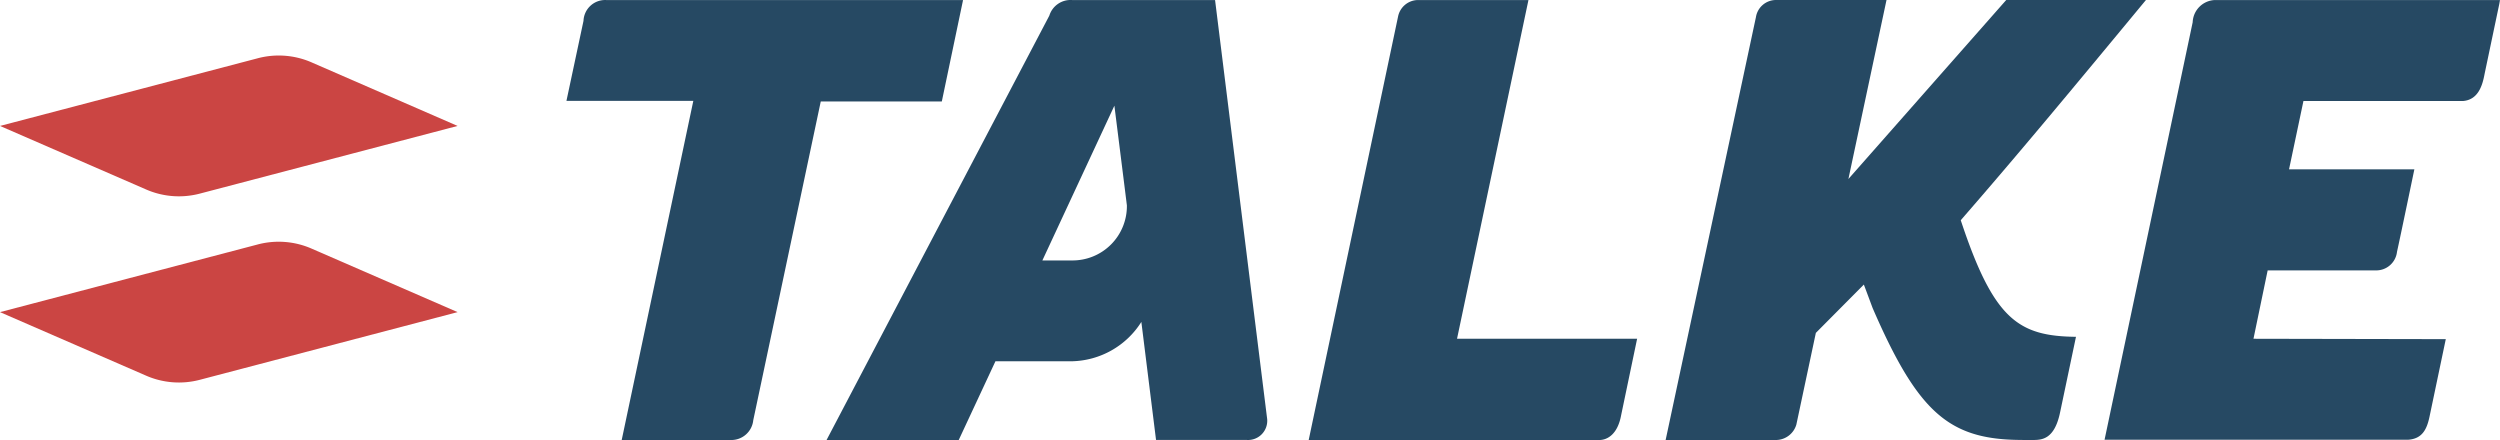 <svg id="Talke_Logo" xmlns="http://www.w3.org/2000/svg" xmlns:xlink="http://www.w3.org/1999/xlink" width="200" height="35.212" viewBox="0 0 200 35.212">
  <defs>
    <clipPath id="clip-path">
      <rect id="Rectangle_1137" data-name="Rectangle 1137" width="200" height="35.212" fill="none"/>
    </clipPath>
  </defs>
  <g id="Group_330" data-name="Group 330" clip-path="url(#clip-path)">
    <path id="Path_315" data-name="Path 315" d="M216.709,8.129h-9.684l-5.4,25.5a1.763,1.763,0,0,1-1.719,1.583H191.1l5.73-27.133h-10.15l1.364-6.4A1.734,1.734,0,0,1,189.86.014h28.548Z" transform="translate(-141.364 -0.011)" fill="#264963"/>
    <path id="Path_316" data-name="Path 316" d="M303.5.014H292.067a1.779,1.779,0,0,0-1.825,1.246L272.419,35.213h10.573l2.938-6.3s3.79,0,6.1,0a6.734,6.734,0,0,0,5.573-3.149l1.175,9.444h7.263a1.538,1.538,0,0,0,1.629-1.662Zm-8.054,8.452s1,7.954,1,7.98a4.348,4.348,0,0,1-4.423,4.4h-2.338Z" transform="translate(-206.295 -0.011)" fill="#264963"/>
    <path id="Path_317" data-name="Path 317" d="M448.906.014l-5.713,27.095H457.6l-1.281,6.129c-.282,1.526-1.106,1.975-1.754,1.975H431.325l7.15-33.875A1.643,1.643,0,0,1,440.041.014Z" transform="translate(-326.63 -0.011)" fill="#264963"/>
    <path id="Path_318" data-name="Path 318" d="M566.663,0l-3.049,14.321L576.24,0h11.178c-6.581,7.95-10.209,12.318-14.816,17.618,2.633,7.95,4.606,9.274,9.218,9.327l-1.267,6.023c-.452,2.207-1.476,2.227-2.192,2.232-.562,0-.855,0-1.311-.01-5.458-.12-7.931-2.311-11.5-10.55l-.7-1.875-3.841,3.866-1.562,7.347a1.713,1.713,0,0,1-1.6,1.222l-8.857.01,7.226-33.837A1.626,1.626,0,0,1,557.846,0Z" transform="translate(-415.742)" fill="#264963"/>
    <path id="Path_319" data-name="Path 319" d="M725.214.319l-1.177,5.6c-.161.866-.478,2.077-1.739,2.173H709.544l-1.152,5.465h10.026s-1.134,5.459-1.389,6.6a1.672,1.672,0,0,1-1.654,1.485l-8.693,0-1.135,5.469,15.385.031-1.293,6.164c-.226,1.1-.616,1.812-1.741,1.885H693.633l7.05-33.4A1.85,1.85,0,0,1,702.424.015h22.587l.257,0Z" transform="translate(-525.269 -0.01)" fill="#264963"/>
    <path id="Path_320" data-name="Path 320" d="M36.607,23.8,16.039,29.2a6.568,6.568,0,0,1-4.432-.353L0,23.8H0l20.568-5.4A6.566,6.566,0,0,1,25,18.747L36.607,23.8" transform="translate(0 -13.725)" fill="#cb4543"/>
    <path id="Path_321" data-name="Path 321" d="M36.607,84.774l-20.568,5.4a6.568,6.568,0,0,1-4.432-.353L0,84.774H0l20.568-5.4A6.566,6.566,0,0,1,25,79.725l11.607,5.048" transform="translate(0 -59.804)" fill="#cb4543"/>
  </g>
</svg>

## [EXERCISE]
Repeat the records in full, precisely, and keep the pictures out.

## [OUTPUT FOR THIS EXERCISE]
 <svg id="Talke_Logo" xmlns="http://www.w3.org/2000/svg" xmlns:xlink="http://www.w3.org/1999/xlink" width="200" height="35.212" viewBox="0 0 200 35.212">
  <defs>
    <clipPath id="clip-path">
      <rect id="Rectangle_1137" data-name="Rectangle 1137" width="200" height="35.212" fill="none"/>
    </clipPath>
  </defs>
  <g id="Group_330" data-name="Group 330" clip-path="url(#clip-path)">
    <path id="Path_315" data-name="Path 315" d="M216.709,8.129h-9.684l-5.4,25.5a1.763,1.763,0,0,1-1.719,1.583H191.1l5.73-27.133h-10.15l1.364-6.4A1.734,1.734,0,0,1,189.86.014h28.548Z" transform="translate(-141.364 -0.011)" fill="#264963"/>
    <path id="Path_316" data-name="Path 316" d="M303.5.014H292.067a1.779,1.779,0,0,0-1.825,1.246L272.419,35.213h10.573l2.938-6.3s3.79,0,6.1,0a6.734,6.734,0,0,0,5.573-3.149l1.175,9.444h7.263a1.538,1.538,0,0,0,1.629-1.662Zm-8.054,8.452s1,7.954,1,7.98a4.348,4.348,0,0,1-4.423,4.4h-2.338Z" transform="translate(-206.295 -0.011)" fill="#264963"/>
    <path id="Path_317" data-name="Path 317" d="M448.906.014l-5.713,27.095H457.6l-1.281,6.129c-.282,1.526-1.106,1.975-1.754,1.975H431.325l7.15-33.875A1.643,1.643,0,0,1,440.041.014Z" transform="translate(-326.63 -0.011)" fill="#264963"/>
    <path id="Path_318" data-name="Path 318" d="M566.663,0l-3.049,14.321L576.24,0h11.178c-6.581,7.95-10.209,12.318-14.816,17.618,2.633,7.95,4.606,9.274,9.218,9.327l-1.267,6.023c-.452,2.207-1.476,2.227-2.192,2.232-.562,0-.855,0-1.311-.01-5.458-.12-7.931-2.311-11.5-10.55l-.7-1.875-3.841,3.866-1.562,7.347a1.713,1.713,0,0,1-1.6,1.222l-8.857.01,7.226-33.837A1.626,1.626,0,0,1,557.846,0Z" transform="translate(-415.742)" fill="#264963"/>
    <path id="Path_319" data-name="Path 319" d="M725.214.319l-1.177,5.6c-.161.866-.478,2.077-1.739,2.173H709.544l-1.152,5.465h10.026s-1.134,5.459-1.389,6.6a1.672,1.672,0,0,1-1.654,1.485l-8.693,0-1.135,5.469,15.385.031-1.293,6.164c-.226,1.1-.616,1.812-1.741,1.885H693.633l7.05-33.4A1.85,1.85,0,0,1,702.424.015h22.587l.257,0Z" transform="translate(-525.269 -0.01)" fill="#264963"/>
    <path id="Path_320" data-name="Path 320" d="M36.607,23.8,16.039,29.2a6.568,6.568,0,0,1-4.432-.353L0,23.8H0l20.568-5.4A6.566,6.566,0,0,1,25,18.747L36.607,23.8" transform="translate(0 -13.725)" fill="#cb4543"/>
    <path id="Path_321" data-name="Path 321" d="M36.607,84.774l-20.568,5.4a6.568,6.568,0,0,1-4.432-.353L0,84.774H0l20.568-5.4A6.566,6.566,0,0,1,25,79.725l11.607,5.048" transform="translate(0 -59.804)" fill="#cb4543"/>
  </g>
</svg>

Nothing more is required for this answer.